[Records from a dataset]
BEGIN

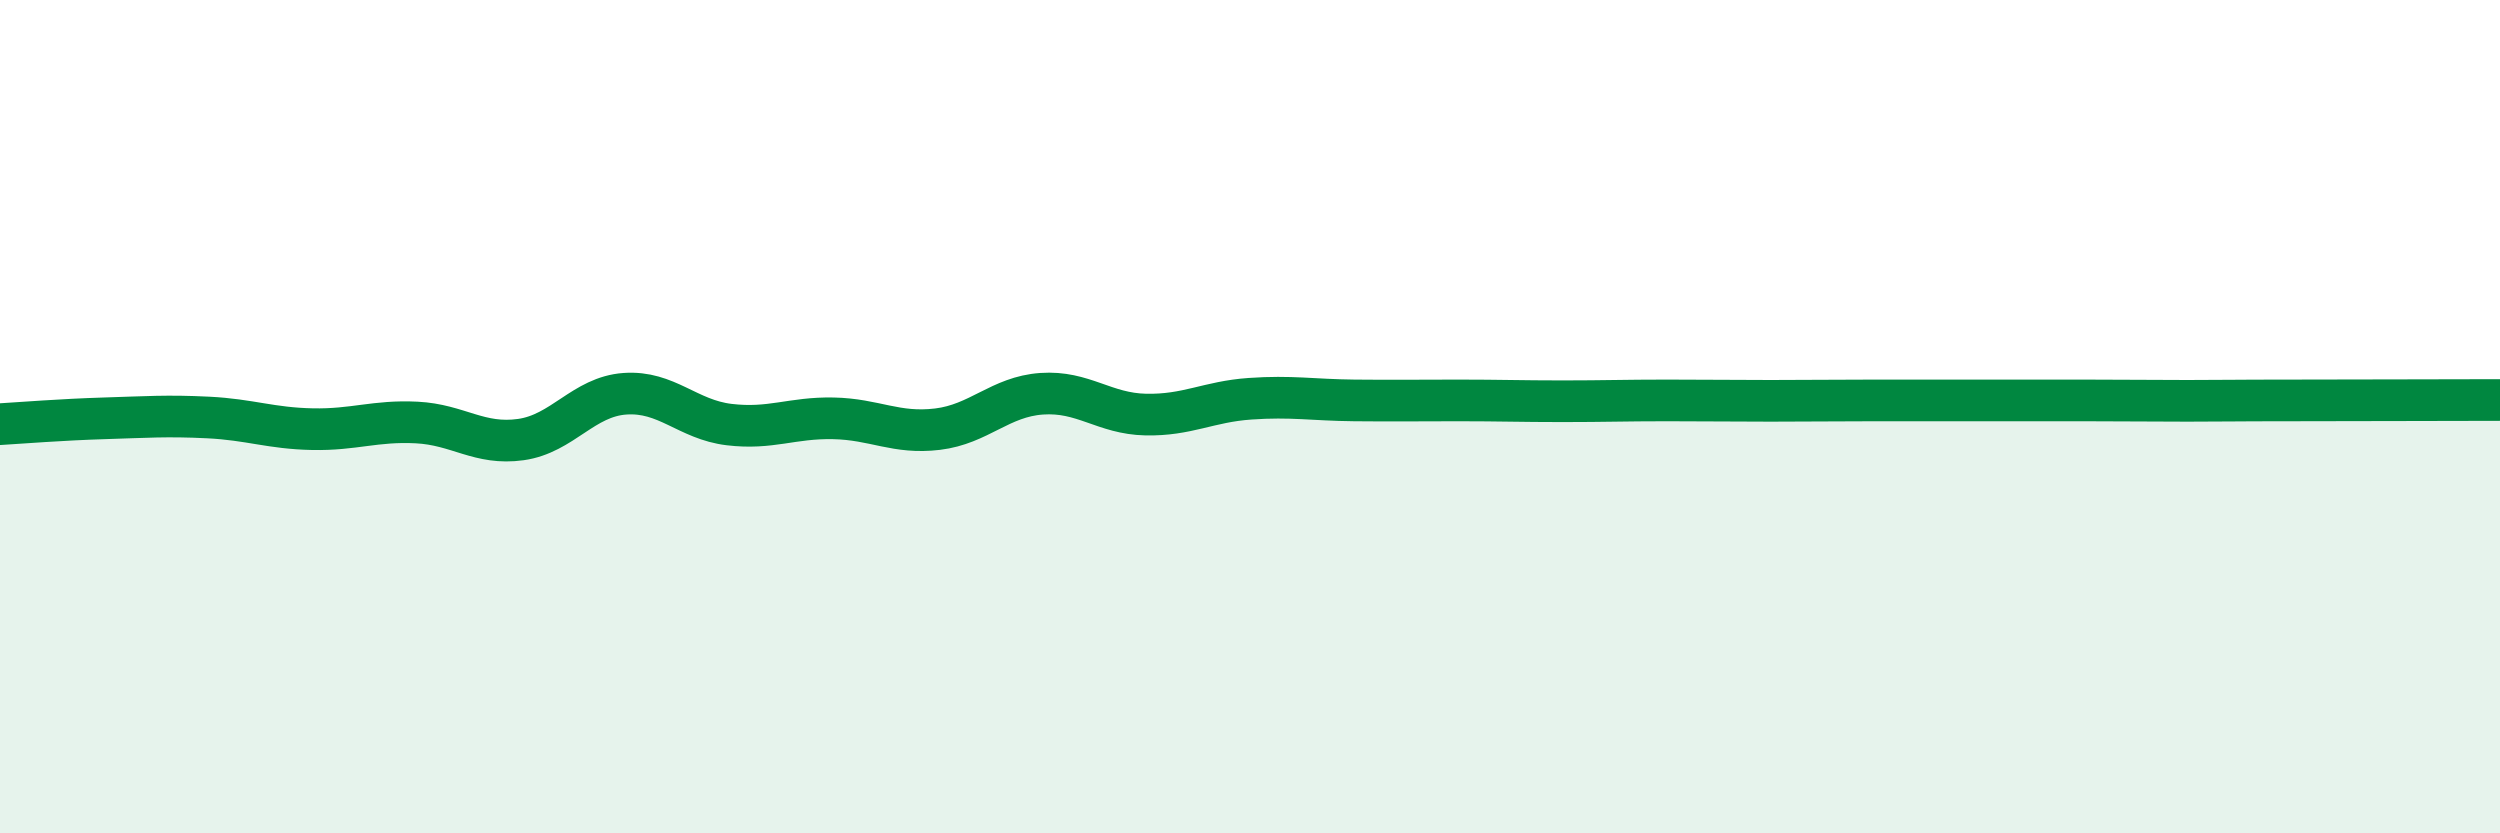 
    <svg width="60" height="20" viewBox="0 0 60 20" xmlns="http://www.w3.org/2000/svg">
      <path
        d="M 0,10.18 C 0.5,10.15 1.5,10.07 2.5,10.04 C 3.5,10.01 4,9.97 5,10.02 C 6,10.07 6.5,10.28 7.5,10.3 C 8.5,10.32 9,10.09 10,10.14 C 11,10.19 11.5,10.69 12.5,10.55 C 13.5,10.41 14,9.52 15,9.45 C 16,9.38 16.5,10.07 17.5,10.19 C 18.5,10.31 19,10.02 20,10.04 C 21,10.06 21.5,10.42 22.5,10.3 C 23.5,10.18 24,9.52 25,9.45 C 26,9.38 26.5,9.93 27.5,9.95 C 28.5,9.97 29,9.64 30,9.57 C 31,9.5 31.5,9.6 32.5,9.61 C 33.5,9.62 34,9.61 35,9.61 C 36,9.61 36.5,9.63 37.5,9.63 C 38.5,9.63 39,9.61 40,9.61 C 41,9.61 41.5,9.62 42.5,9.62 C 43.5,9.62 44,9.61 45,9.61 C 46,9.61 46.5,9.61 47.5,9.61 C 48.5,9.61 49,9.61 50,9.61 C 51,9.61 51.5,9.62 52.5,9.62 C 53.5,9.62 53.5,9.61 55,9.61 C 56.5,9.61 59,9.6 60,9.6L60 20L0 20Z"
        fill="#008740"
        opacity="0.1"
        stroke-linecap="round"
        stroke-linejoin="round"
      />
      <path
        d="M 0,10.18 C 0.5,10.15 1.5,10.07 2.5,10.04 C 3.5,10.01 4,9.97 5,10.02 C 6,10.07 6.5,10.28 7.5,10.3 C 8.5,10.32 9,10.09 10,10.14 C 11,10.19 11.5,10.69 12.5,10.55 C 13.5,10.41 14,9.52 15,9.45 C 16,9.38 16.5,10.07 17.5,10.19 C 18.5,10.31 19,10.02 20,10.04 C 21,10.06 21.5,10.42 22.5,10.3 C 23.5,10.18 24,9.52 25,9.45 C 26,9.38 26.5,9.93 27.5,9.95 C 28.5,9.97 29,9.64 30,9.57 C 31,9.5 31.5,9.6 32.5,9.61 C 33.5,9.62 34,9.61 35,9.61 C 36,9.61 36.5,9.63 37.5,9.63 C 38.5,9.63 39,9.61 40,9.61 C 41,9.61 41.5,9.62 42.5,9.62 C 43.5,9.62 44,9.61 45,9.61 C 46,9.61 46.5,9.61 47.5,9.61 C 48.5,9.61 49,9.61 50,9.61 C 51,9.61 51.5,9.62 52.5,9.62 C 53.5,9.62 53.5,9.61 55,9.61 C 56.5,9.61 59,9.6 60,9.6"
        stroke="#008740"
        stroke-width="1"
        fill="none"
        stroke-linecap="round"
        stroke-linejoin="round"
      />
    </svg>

END
BEGIN

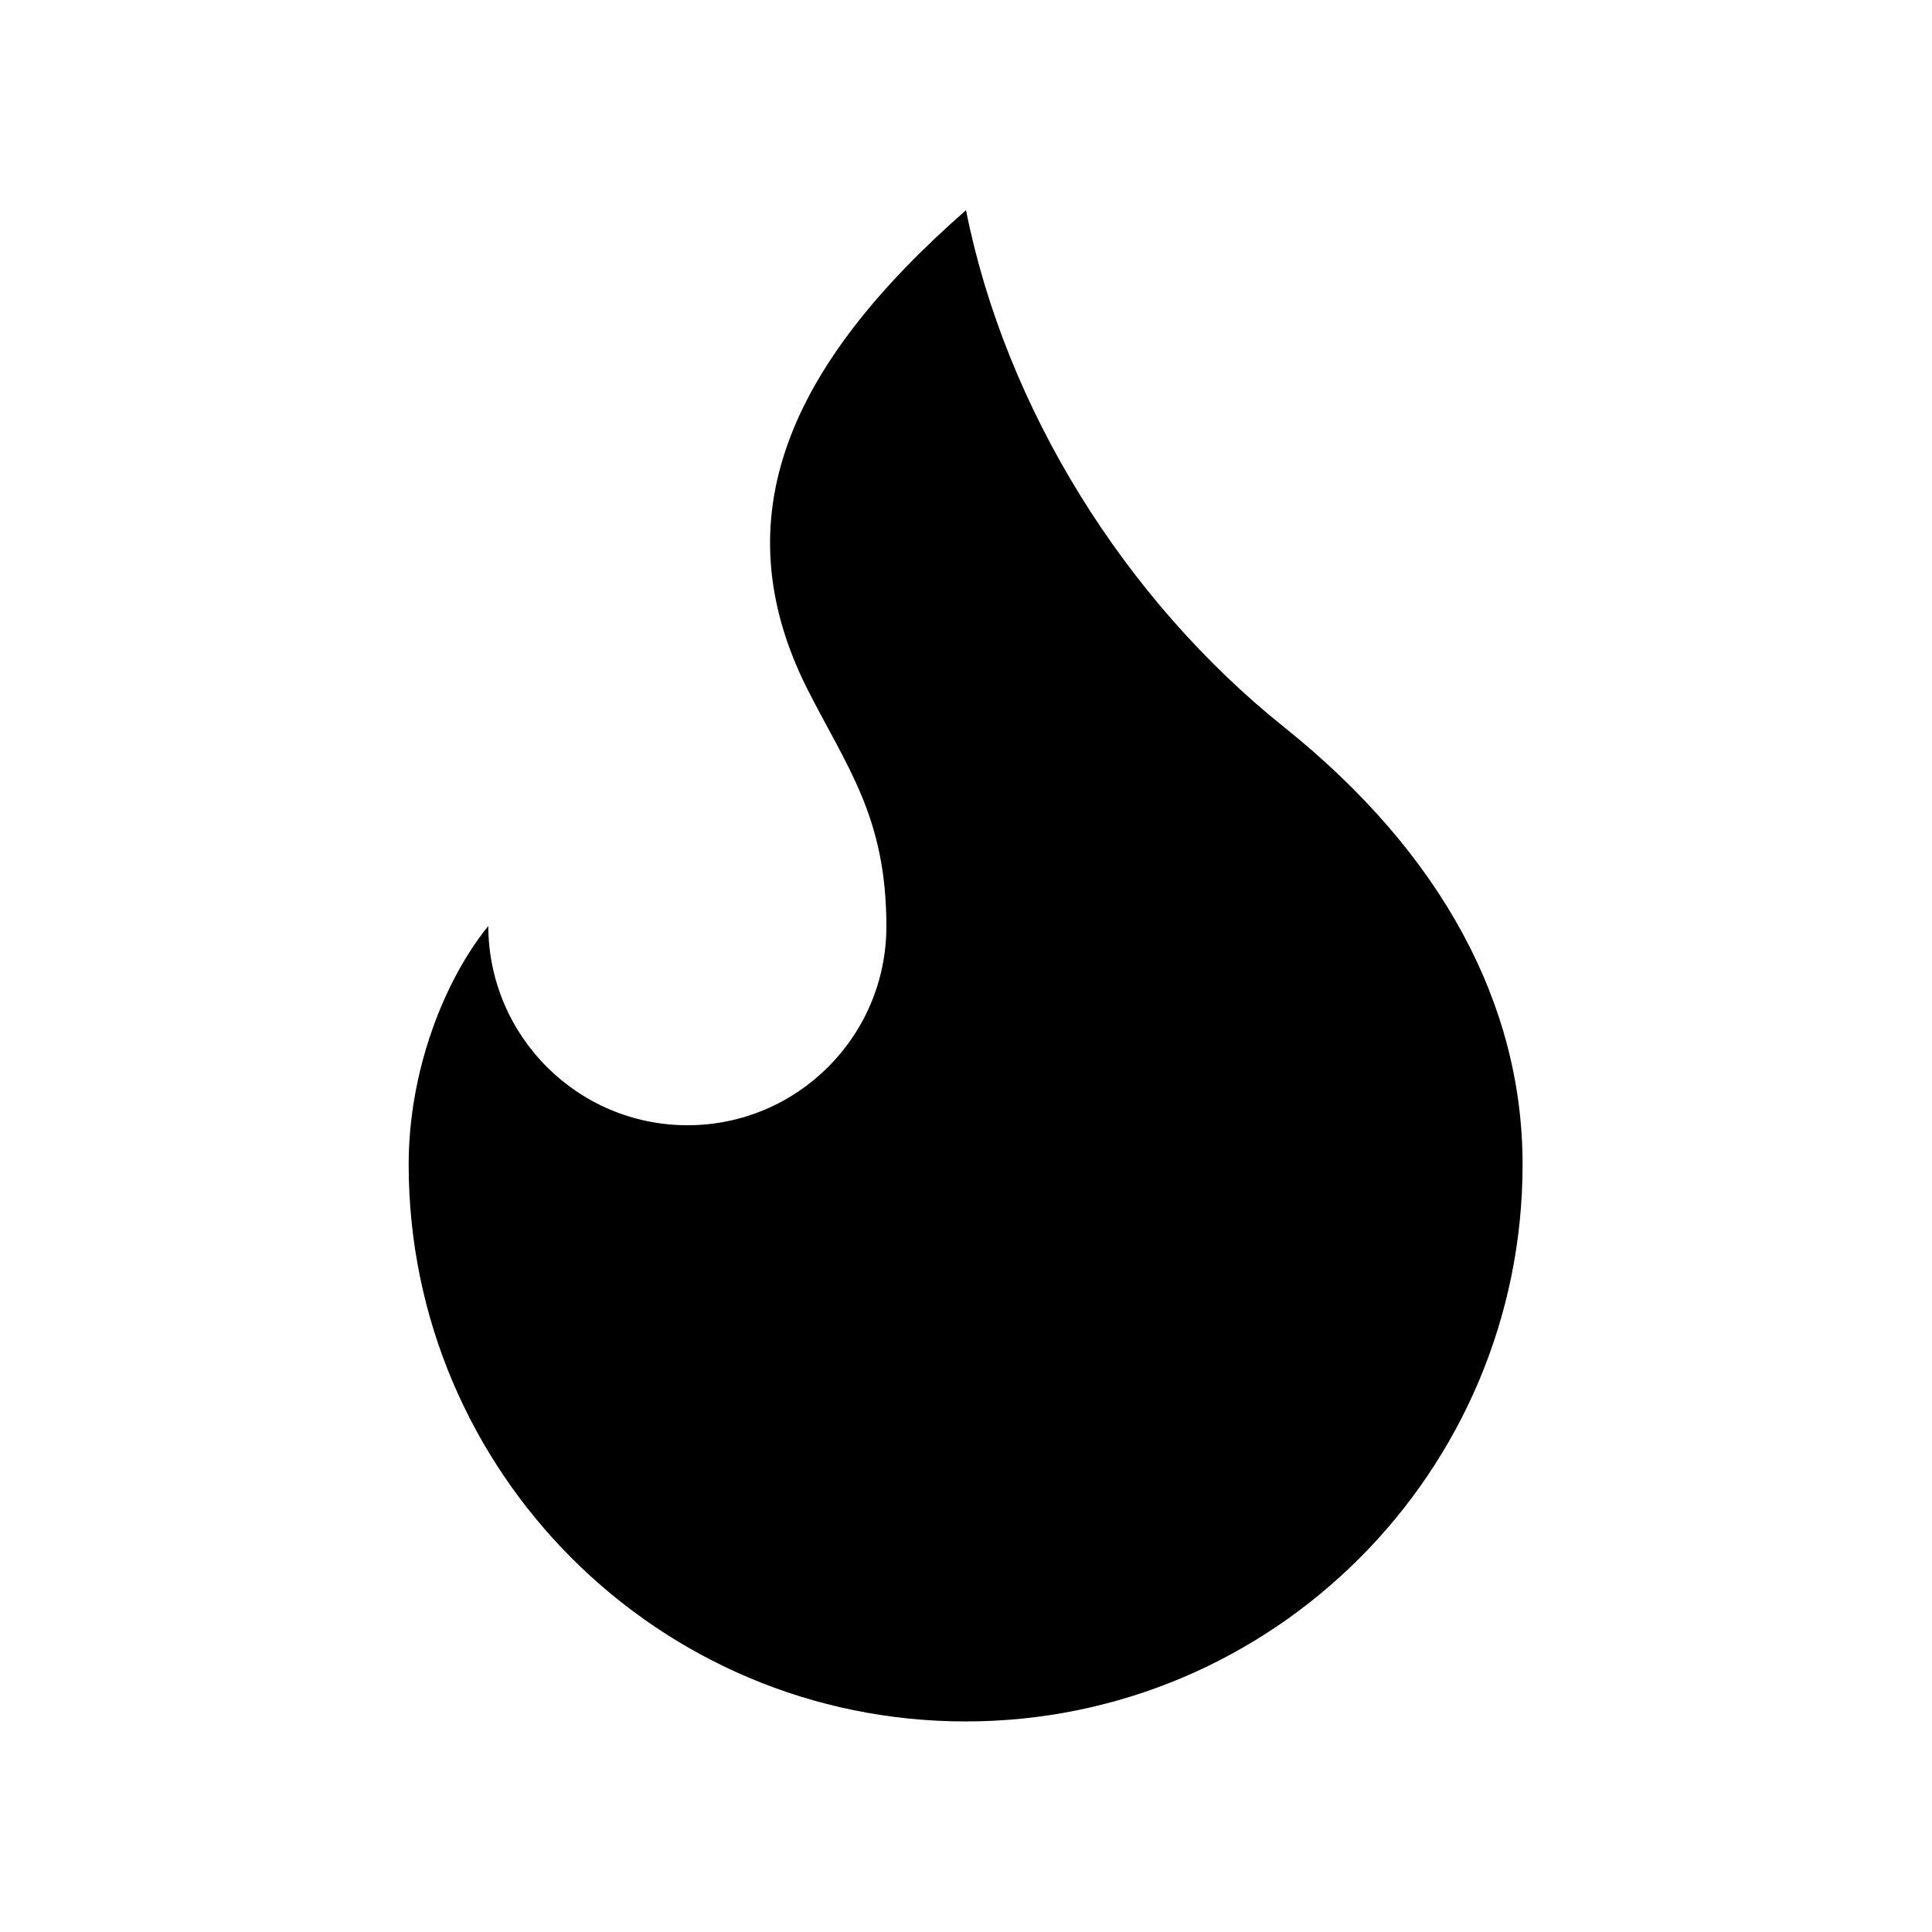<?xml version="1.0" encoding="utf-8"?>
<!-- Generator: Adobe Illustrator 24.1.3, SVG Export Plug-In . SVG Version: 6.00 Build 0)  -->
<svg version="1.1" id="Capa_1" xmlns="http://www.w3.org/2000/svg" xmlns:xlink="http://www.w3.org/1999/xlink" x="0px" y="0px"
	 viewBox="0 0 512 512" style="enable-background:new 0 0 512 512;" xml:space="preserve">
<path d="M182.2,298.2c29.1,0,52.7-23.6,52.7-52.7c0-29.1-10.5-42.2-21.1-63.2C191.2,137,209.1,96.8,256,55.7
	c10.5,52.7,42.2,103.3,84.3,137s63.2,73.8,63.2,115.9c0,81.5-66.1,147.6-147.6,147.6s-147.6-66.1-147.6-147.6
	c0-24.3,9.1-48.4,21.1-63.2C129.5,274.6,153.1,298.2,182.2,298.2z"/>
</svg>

END

**What you need to do:**
All lines above that contain "width" are required in the answer.

**Task solution:**
    <svg width="60" height="20" viewBox="0 0 60 20" xmlns="http://www.w3.org/2000/svg">
        stroke-width="1"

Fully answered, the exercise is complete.